How can I verify that f(x)=(x+3)/(x-2)and g(x)=(2x+3)/(x-1)are inverse functions (i.e. show the process)?
Also, how can I solve (g o f)^-1, if f(x)=x+4 and g(x)=2x-5?
Thanks!
To verify that two functions, f(x) and g(x), are inverse functions of each other, you need to show that when you compose them and then take the inverse, you get back to the original functions.

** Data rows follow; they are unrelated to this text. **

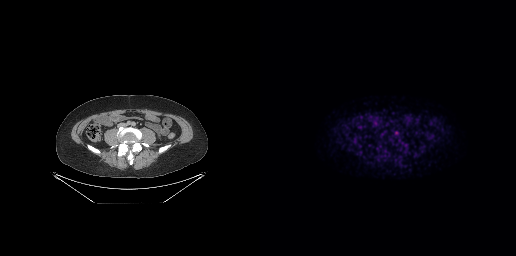
{"modality":"PSMA PET/CT","view":"axial","tracer":"18F","pet_grid":[256,256],"coord_frame":"pet_panel","coord_format":"x0,y0,x1,y1","psma_avid_lesions":false}
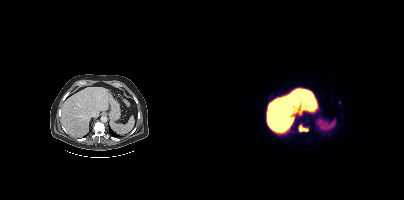
{"modality":"PSMA PET/CT","view":"axial","tracer":"[18F]PSMA-1007","pet_grid":[200,200],"coord_frame":"pet_panel","coord_format":"x0,y0,x1,y1","lesion_bboxes":[[94,124,104,131]],"small_foci_centers":[[135,102]]}
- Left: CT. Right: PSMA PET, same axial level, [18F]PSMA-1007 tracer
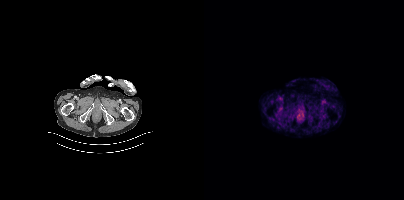
Findings: This slice has no annotated PSMA-avid lesion.
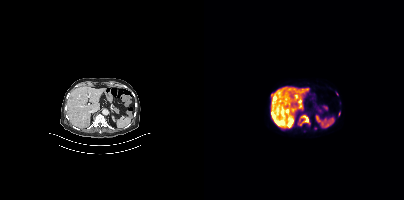
Left: CT. Right: PSMA PET, same axial level, [18F]PSMA-1007 tracer. Acquired on Siemens Biograph mCT Flow 20. Slice position z = -570 mm. Coordinates are on the 200×200 PET (right) panel. (showing 7 of 8 foci) PSMA-avid tumor lesion bounding boxes (x0,y0,x1,y1): [76,107,86,114]; [67,113,74,122]; [100,116,104,121]. Small PSMA-avid foci (2 to 4 px across) near (center x, center y): (102, 89); (96, 90); (135, 113); (73, 108).
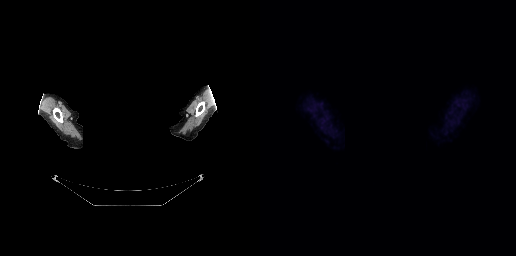
de-identification: head region blacked out before release | modality: PSMA PET/CT | tracer: [18F]PSMA-1007 | view: axial
This slice has no annotated PSMA-avid lesion.
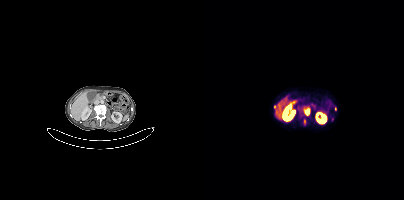
Coordinates are on the 200×200 PET (right) panel. PSMA-avid tumor lesion bounding boxes (x0, y0)-(x1, y1): (101, 109)-(105, 115) / (70, 105)-(72, 109). Small PSMA-avid foci (2 to 4 px across) near (center x, center y): (100, 121) / (131, 108).
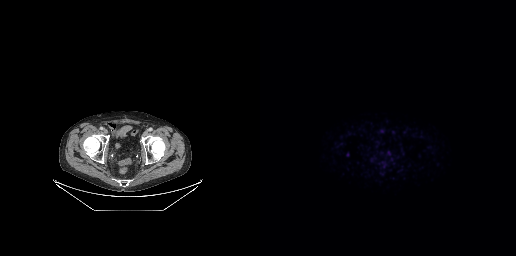
{"modality":"PSMA PET/CT","view":"axial","tracer":"[68Ga]Ga-PSMA-11","pet_grid":[256,256],"coord_frame":"pet_panel","coord_format":"x0,y0,x1,y1","psma_avid_lesions":false}
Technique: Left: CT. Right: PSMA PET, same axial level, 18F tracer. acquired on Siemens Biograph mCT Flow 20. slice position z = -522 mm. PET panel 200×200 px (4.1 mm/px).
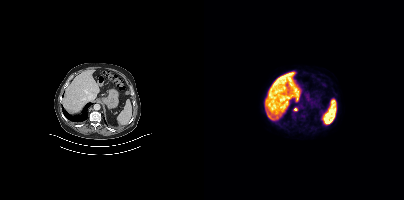
Findings: Coordinates are on the 200×200 PET (right) panel. Small PSMA-avid focus (2 to 4 px across) near (center x, center y): (91, 109).
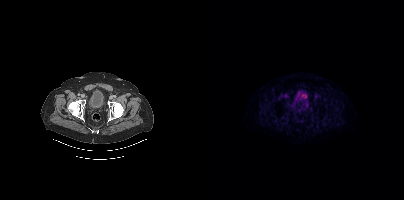
No PSMA-avid tumor lesions on this slice. Paired axial CT (left) and PSMA PET (right), [18F]PSMA-1007 tracer. Acquired on Siemens Biograph mCT Flow 20. Slice 87 of 435.
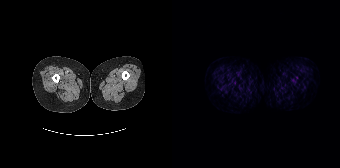
Two-panel axial: CT | PSMA PET, 68Ga tracer. Only PSMA-avid lesion pieces thinner than 2 px on this slice (not listed).
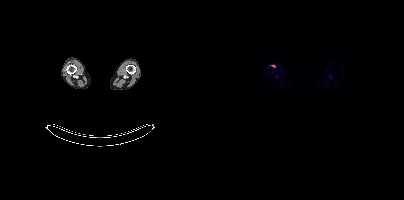
Coordinates are on the 200×200 PET (right) panel. Small PSMA-avid focus (2 to 4 px across) near (center x, center y): (69, 65).
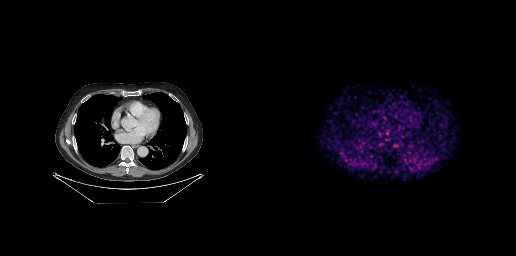
Left: CT. Right: PSMA PET, same axial level, [68Ga]Ga-PSMA-11 tracer. Slice 184 of 263. PET panel 256×256 px (2.7 mm/px). No PSMA-avid tumor lesions on this slice.
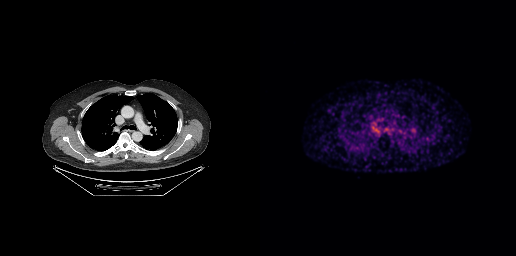
This slice has no annotated PSMA-avid lesion.
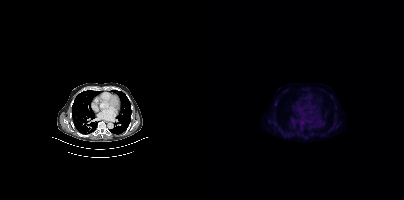
Coordinates are on the 200×200 PET (right) panel. Small PSMA-avid focus (2 to 4 px across) near (center x, center y): (71, 103).
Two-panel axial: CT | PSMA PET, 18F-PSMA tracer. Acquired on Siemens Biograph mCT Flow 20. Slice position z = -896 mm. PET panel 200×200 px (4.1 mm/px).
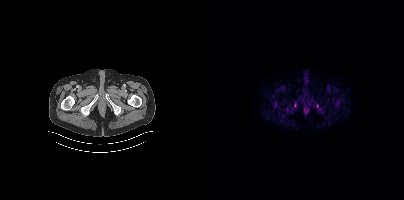
No tumor lesions annotated on this slice.
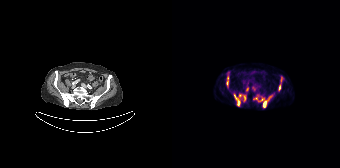
Coordinates are on the 168×168 PET (right) panel. (showing 7 of 8 foci) PSMA-avid tumor lesion bounding boxes (x0, y0)-(x1, y1): (87, 95)-(100, 107) | (62, 94)-(69, 106) | (54, 76)-(56, 86) | (71, 95)-(74, 101) | (106, 85)-(108, 90) | (81, 97)-(85, 99). Small PSMA-avid focus (2 to 4 px across) near (center x, center y): (75, 89).
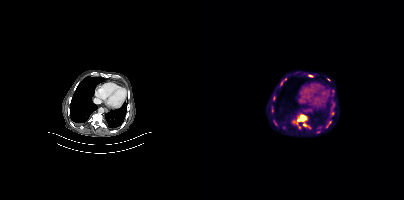
Coordinates are on the 200×200 PET (right) panel. (showing 2 of 3 foci) PSMA-avid tumor lesion bounding box (x0,y0,x1,y1): [89,114,103,126]. Small PSMA-avid focus (2 to 4 px across) near (center x, center y): (129, 112).
modality: PSMA PET/CT | tracer: [18F]PSMA-1007 | view: axial | PET grid: 200×200
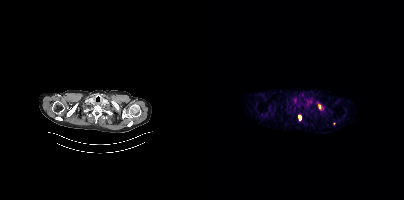
{"modality":"PSMA PET/CT","view":"axial","tracer":"68Ga-PSMA","pet_grid":[200,200],"coord_frame":"pet_panel","coord_format":"x0,y0,x1,y1","partial":true,"lesion_bboxes":[],"small_foci_centers":[[115,106],[95,117]]}
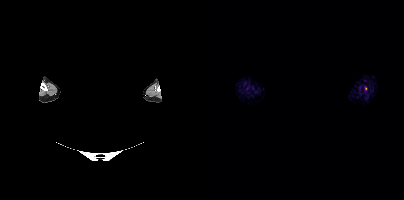
{"modality":"PSMA PET/CT","view":"axial","tracer":"18F","pet_grid":[200,200],"coord_frame":"pet_panel","coord_format":"x0,y0,x1,y1","psma_avid_lesions":false,"redaction":"facial region redacted"}
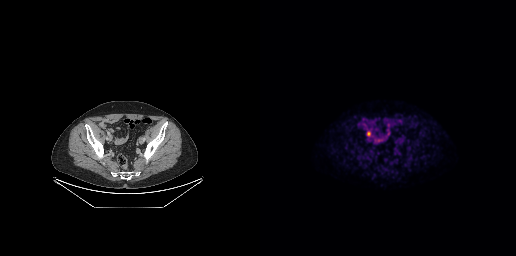
Coordinates are on the 256×256 PET (right) panel. PSMA-avid tumor lesion bounding box (x0, y0)-(x1, y1): (107, 131)-(110, 136).
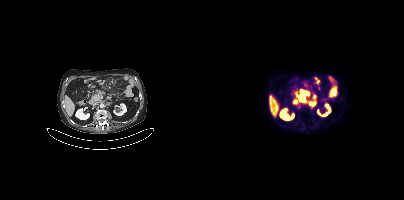
- Two-panel axial: CT | PSMA PET, 18F tracer
- acquired on Siemens Biograph mCT Flow 20
- slice position z = 150 mm
- PET panel 200×200 px (4.1 mm/px)
Findings: Coordinates are on the 200×200 PET (right) panel. PSMA-avid tumor lesion bounding boxes (x, y, width, height): x=92 y=90 w=14 h=12; x=105 y=102 w=7 h=4; x=109 y=94 w=4 h=5.
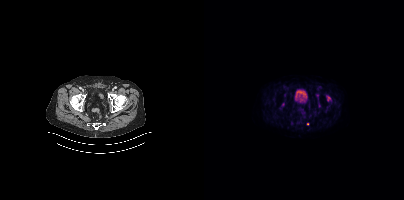
Paired axial CT (left) and PSMA PET (right), [18F]PSMA-1007 tracer. Slice position z = -1446 mm. PET panel 200×200 px (4.1 mm/px). Coordinates are on the 200×200 PET (right) panel. Small PSMA-avid focus (2 to 4 px across) near (center x, center y): (103, 123).

1. Verifying f and g as inverse functions:
To check if f(x) and g(x) are inverse functions, you need to show that f(g(x)) = x and g(f(x)) = x for all x in their domains.
a) To find f(g(x)):
Replace x in f(x) with g(x):
f(g(x)) = f((2x+3)/(x-1))
Simplify f(g(x)):
First, find the inverse of g(x):
g⁻¹(x) = (x+5)/2 "by swapping x and y and solving for y"
Substitute g⁻¹(x) into f(g(x)):
f(g(x)) = f(g⁻¹(x)) = f((x+5)/2) = ((x+5)/2 + 3)/((x+5)/2 - 2)
Simplify f(g(x)) further:
f(g(x)) = ((x+5)/2 + 3)/((x+5)/2 - 2) = (x + 5 + 6)/(x + 5 - 4) = (x + 11)/(x + 1)
Now, check if f(g(x)) equals x:
(x + 11)/(x + 1) = x
Cross-multiply:
x + 11 = x(x + 1)
Expand:
x + 11 = x² + x
Rearrange:
x² = 10
This equation is not true for all x, which means f(g(x)) ≠ x. Therefore, f(x) and g(x) are not inverse functions.
b) To find g(f(x)):
Replace x in g(x) with f(x):
g(f(x)) = g(x+4) = 2(x+4) - 5 = 2x + 3
Now, check if g(f(x)) equals x:
2x + 3 = x
Subtract x from both sides:
x + 3 = 0
This equation is also not true for all x, which means g(f(x)) ≠ x. Therefore, f(x) and g(x) are not inverse functions.
2. Solving (g o f)⁻¹:
To find the inverse of the composite function (g o f), follow these steps:
a) Find the composite function (g o f):
(g o f)(x) = g(f(x))
Replace f(x) in g(f(x)):
(g o f)(x) = g(x + 4) = 2(x + 4) - 5 = 2x + 3
b) Find the inverse of (g o f)(x):
To find the inverse, swap x and y and solve for y:
y = 2x + 3
Swap x and y:
x = 2y + 3
Solve for y:
x - 3 = 2y
y = (x - 3)/2
Therefore, the inverse of (g o f) is given by [(g o f)^-1](x) = (x - 3)/2.